● WHAT IS REQUIRED
Which lines of the data include the string "version"? List them all.

● ENTRIES PROVIDED

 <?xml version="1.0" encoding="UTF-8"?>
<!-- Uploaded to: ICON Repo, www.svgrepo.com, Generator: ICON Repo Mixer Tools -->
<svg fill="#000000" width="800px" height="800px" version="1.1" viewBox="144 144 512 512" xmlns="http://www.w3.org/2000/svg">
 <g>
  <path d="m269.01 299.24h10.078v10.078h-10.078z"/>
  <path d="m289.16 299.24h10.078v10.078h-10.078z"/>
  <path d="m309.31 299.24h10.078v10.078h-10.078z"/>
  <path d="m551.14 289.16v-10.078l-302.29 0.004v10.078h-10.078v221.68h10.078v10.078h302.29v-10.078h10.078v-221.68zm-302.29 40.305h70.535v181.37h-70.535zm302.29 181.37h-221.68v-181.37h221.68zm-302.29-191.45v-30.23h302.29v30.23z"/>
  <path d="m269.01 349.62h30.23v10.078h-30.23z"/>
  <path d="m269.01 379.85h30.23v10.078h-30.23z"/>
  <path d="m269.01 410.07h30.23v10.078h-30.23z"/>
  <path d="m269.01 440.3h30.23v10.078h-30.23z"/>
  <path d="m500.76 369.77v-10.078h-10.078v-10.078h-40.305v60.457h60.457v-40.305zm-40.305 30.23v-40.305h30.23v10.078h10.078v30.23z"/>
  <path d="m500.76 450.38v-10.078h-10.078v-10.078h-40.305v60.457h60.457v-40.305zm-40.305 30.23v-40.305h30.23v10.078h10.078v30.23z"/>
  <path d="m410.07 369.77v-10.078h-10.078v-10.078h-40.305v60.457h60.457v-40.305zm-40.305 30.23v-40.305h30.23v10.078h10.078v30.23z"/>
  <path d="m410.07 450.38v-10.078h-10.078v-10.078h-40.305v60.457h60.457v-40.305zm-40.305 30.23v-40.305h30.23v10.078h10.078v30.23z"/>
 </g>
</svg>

● TASK ANSWER
 <?xml version="1.0" encoding="UTF-8"?>
<svg fill="#000000" width="800px" height="800px" version="1.1" viewBox="144 144 512 512" xmlns="http://www.w3.org/2000/svg">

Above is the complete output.